Comparing Adjuvant Treatments for High Tone Pelvic Floor Dysfunction
Comparing Adjuvant Treatments for High Tone Pelvic Floor Dysfunction: a Pilot Randomized Controlled Trial
University of Michigan
60 participants
Feb 18, 2026
INTERVENTIONAL
Conditions
Summary
The researchers are comparing two treatments for high tone pelvic floor dysfunction (HTPFD) in conjunction with pelvic floor physical therapy (PFPT). The goal of this study is to find out which of two extra treatments works better for people with HTPFD when they also do regular PFPT. First, the researchers will compare a muscle relaxant medicine (cyclobenzaprine IR) to using a vibrating pelvic floor massage wand. Everyone in the study will also do pelvic floor physical therapy. The researchers want to see how these treatments affect pain, sexual health, physical ability, and overall quality of life.
Eligibility
Inclusion Criteria11
- Self-reported moderate to severe chronic pelvic pain for >6 months duration at time of screening visit. Moderate to severe chronic pain is defined as >4 on 0-10 (worst daily pain) for >14 days per month. Pelvic pain is defined as pain perceived to be located in the anatomic pelvis.

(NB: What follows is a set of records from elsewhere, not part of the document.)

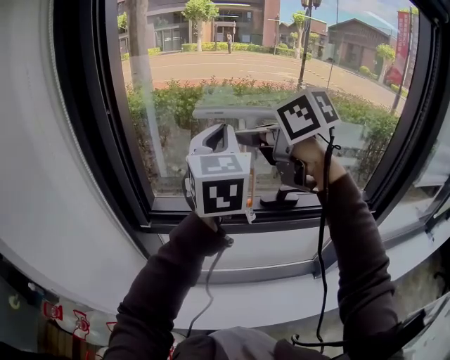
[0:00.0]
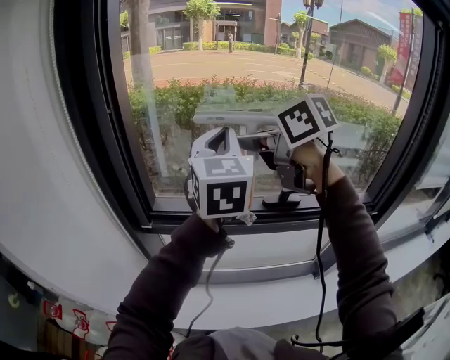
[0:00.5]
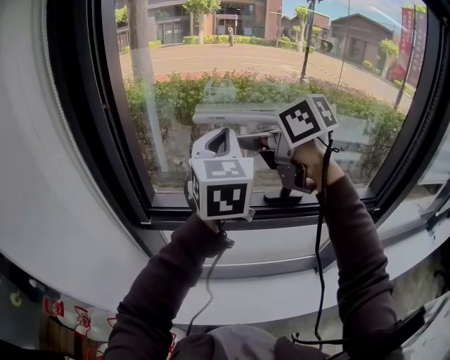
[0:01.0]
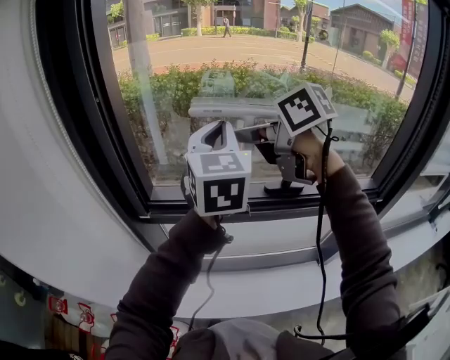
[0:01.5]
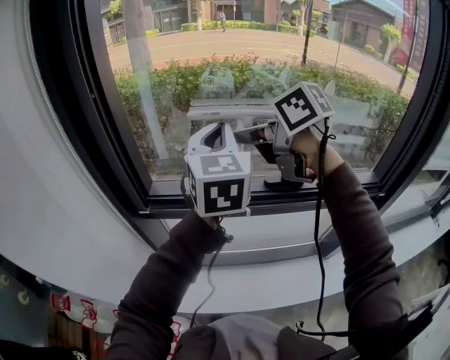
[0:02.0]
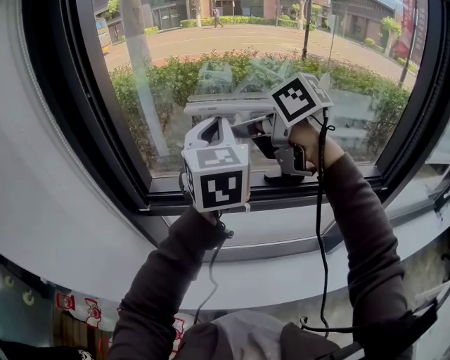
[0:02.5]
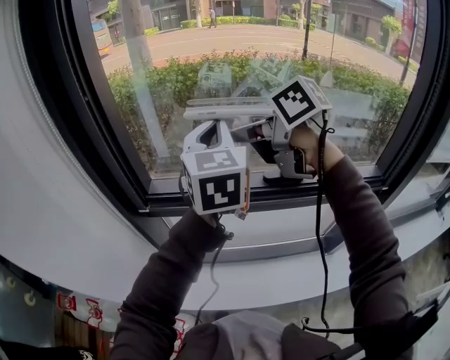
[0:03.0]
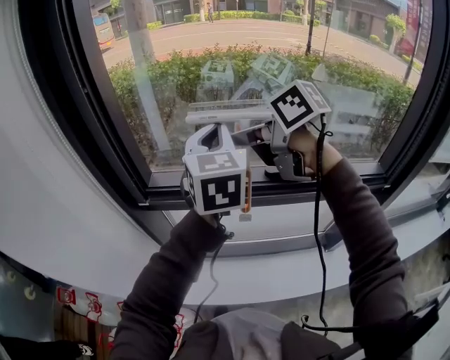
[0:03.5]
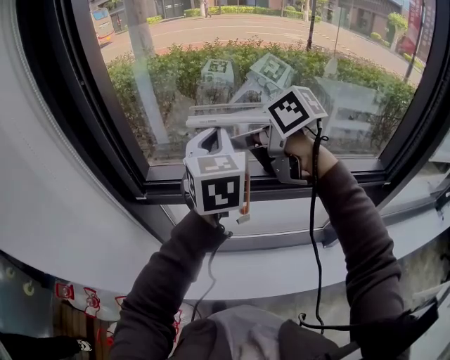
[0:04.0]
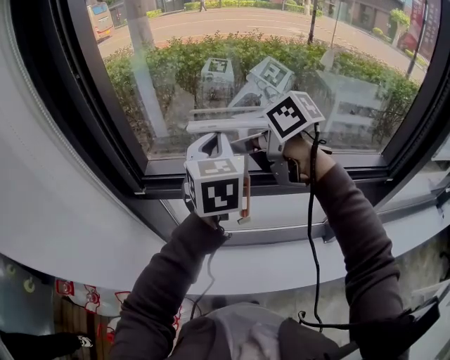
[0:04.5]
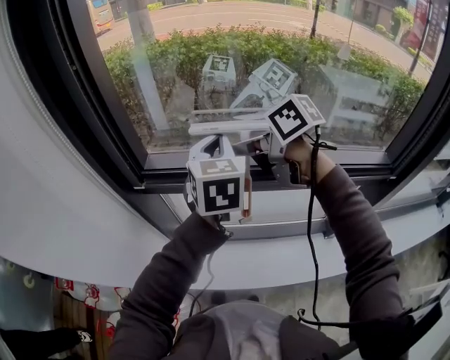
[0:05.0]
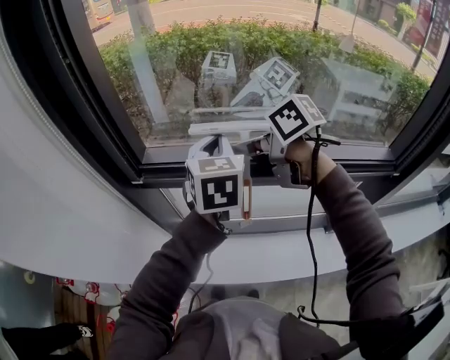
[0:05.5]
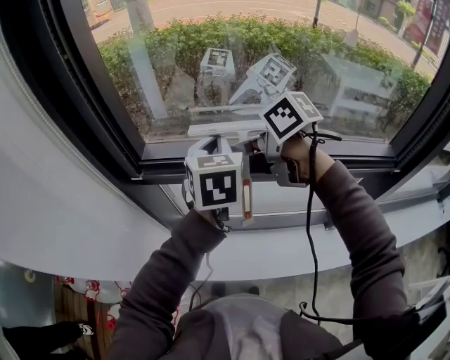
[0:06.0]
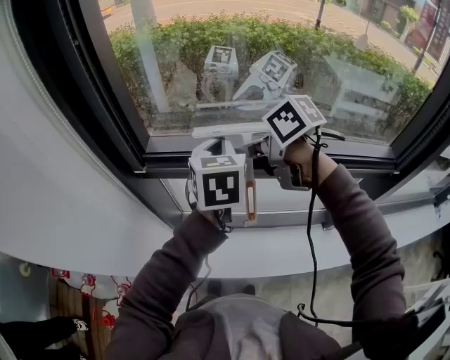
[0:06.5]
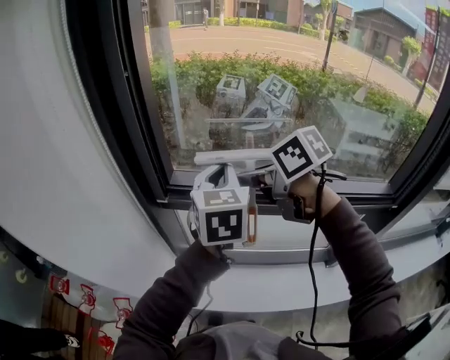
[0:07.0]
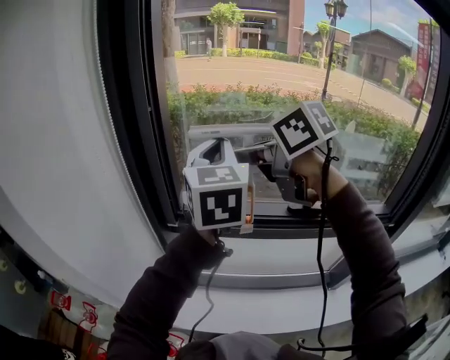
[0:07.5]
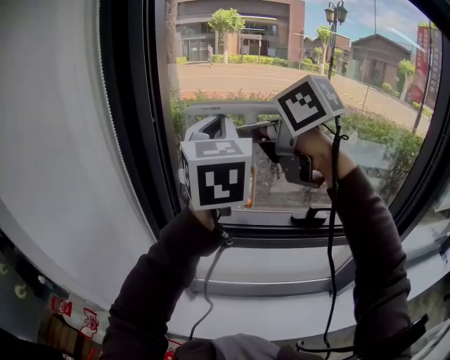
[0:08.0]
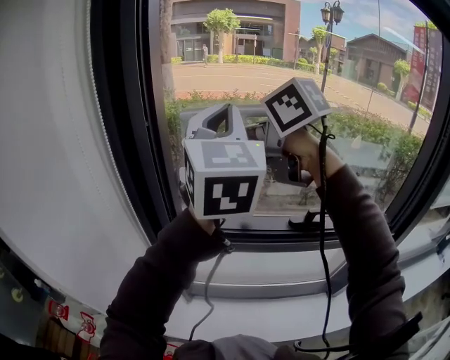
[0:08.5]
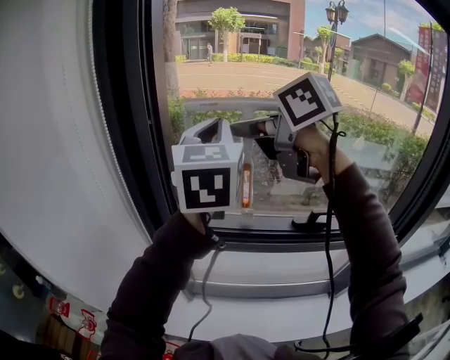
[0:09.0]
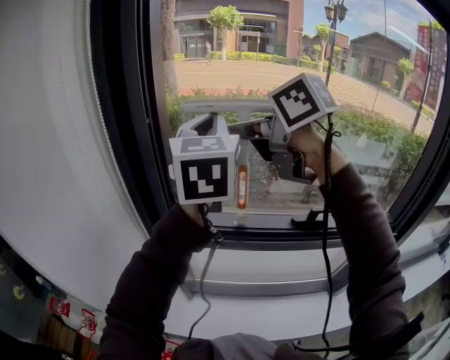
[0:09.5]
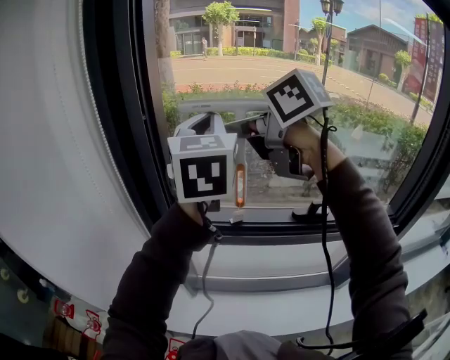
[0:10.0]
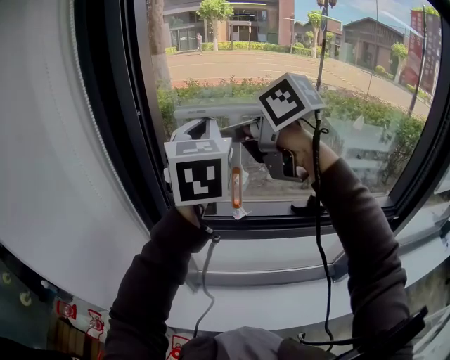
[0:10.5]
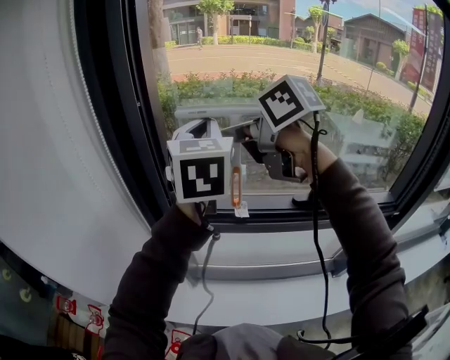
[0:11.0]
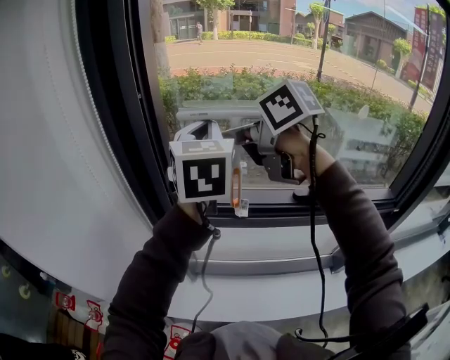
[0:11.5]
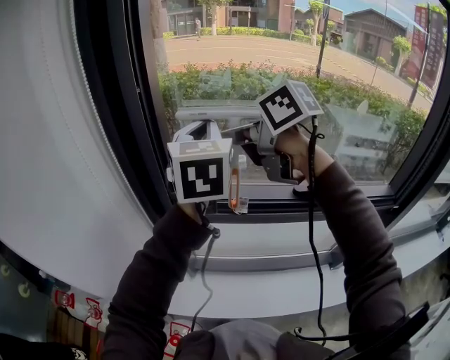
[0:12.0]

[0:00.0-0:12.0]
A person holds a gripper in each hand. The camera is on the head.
0:00.0 to 0:02.0: Both grippers move downward, roughly 5 cm.
0:02.0 to 0:04.0: Both grippers move downward, approximately 5 cm.
0:04.0 to 0:06.0: The two grippers go roughly 10 cm downward.
0:06.0 to 0:08.0: The grippers both shift upward by approximately 25 cm. The right gripper changes its angle by roughly 30 degrees. The left gripper rotates approximately 30 degrees.
0:08.0 to 0:10.0: The grippers stay close to where they were, moving slightly.
0:10.0 to 0:12.0: The grippers both shift downward by some 10 cm.

- Diagnosis of high tone pelvic floor dysfunction (HTPFD), defined as >12/60 summative pelvic floor tenderness score on standardized pelvic examination by chronic pelvic pain specialist (MD or NP) within the past year
- Referred to pelvic floor physical therapy (PFPT) by their chronic pelvic pain specialist for management of HTPFD
- Willing to undergo a 12-session course of PFPT for HTPFD, including internal/vaginal tissue manipulation per standardized protocol
- Willing to delay start of PFPT until Phase 2 of the trial
- Willing to be randomized to either daily use of cyclobenzaprine or use of vibrating pelvic floor muscle massage wand for total of 18 weeks
- Willing to undergo standardized pelvic floor myofascial exam three times over the study period (baseline, end of Phase 1, end of Phase 2)
- Willing to undergo quantitative sensory testing (QST) two times over the study period (baseline, end of Phase 1)

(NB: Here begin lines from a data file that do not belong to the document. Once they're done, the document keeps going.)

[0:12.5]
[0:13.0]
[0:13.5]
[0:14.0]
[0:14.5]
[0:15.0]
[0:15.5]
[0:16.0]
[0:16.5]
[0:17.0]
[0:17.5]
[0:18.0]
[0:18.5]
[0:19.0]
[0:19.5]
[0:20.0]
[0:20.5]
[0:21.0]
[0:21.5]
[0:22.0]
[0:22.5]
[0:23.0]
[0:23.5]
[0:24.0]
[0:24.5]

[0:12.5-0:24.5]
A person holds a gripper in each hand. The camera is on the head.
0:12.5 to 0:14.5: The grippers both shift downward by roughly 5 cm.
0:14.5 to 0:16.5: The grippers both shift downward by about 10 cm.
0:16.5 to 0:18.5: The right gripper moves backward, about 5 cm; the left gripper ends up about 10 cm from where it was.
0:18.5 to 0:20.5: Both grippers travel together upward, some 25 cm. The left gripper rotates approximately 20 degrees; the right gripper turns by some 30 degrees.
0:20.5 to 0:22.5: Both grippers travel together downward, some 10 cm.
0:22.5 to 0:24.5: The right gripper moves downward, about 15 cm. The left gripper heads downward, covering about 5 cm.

- Willing to undergo blood draw two times over the study period (baseline, end of Phase 1)
- Ability to read and speak English to allow for written informed consent, phenotyping, and patient-reported outcome measures
- No plans for pregnancy within the next 12 months
Exclusion Criteria18
- Hypersensitivity or allergy to cyclobenzaprine or any component of cyclobenzaprine
- Underwent PFPT within 6 months of screening date
- Pregnancy at any point during study period (self-reported home urine pregnancy test or serum b-Hcg test, positive urine pregnancy test at baseline, post-Phase 1, or post-Phase 2 study visits).
- Currently breastfeeding at time of screening visit
- Scheduled for or are planning moderate/major gynecologic surgery (including hysterectomy, excision of endometriosis, ovarian cystectomy/oopherectomy, myomectomy) within the following 6 months of screening date
- Current (at time of screening visit) diagnosis of postural orthostatic tachycardia syndrome
- Current significant neurologic or musculoskeletal conditions that would preclude participation in PFPT (cerebral palsy, severe hip/back osteoarthritis that would prevent lithotomy position during sessions)

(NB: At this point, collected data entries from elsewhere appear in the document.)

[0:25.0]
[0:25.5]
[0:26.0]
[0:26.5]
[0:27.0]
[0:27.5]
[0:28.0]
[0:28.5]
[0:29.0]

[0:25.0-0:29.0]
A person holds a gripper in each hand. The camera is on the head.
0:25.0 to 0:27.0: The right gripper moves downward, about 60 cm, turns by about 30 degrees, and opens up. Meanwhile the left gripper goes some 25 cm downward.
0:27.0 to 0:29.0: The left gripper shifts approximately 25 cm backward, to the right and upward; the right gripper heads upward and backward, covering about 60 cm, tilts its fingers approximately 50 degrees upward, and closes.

- Unwilling to avoid or stop baseline use of cyclobenzaprine and other muscle relaxants (including methocarbamol, tizanidine, baclofen, carisoprodol, metaxalone)
- Current use of tricyclic antidepressants
- Current use of monoamine oxidase inhibitor
- Current use of vaginally delivered benzodiazepine such as diazepam (more than once per month) and unwilling to stop use of vaginally delivered benzodiazepine for the duration of this study
- Current diagnosis of hyperthyroidism
- Current diagnosis of moderate or severe hepatic impairment
- Myocardial infarction within prior 12 months
- Current diagnosis of congestive heart failure
- Current cardiac pacemaker in place
- Current diagnosis of closed angle glaucoma
- Current major psychiatric condition (including psychosis or suicidal ideation within past year)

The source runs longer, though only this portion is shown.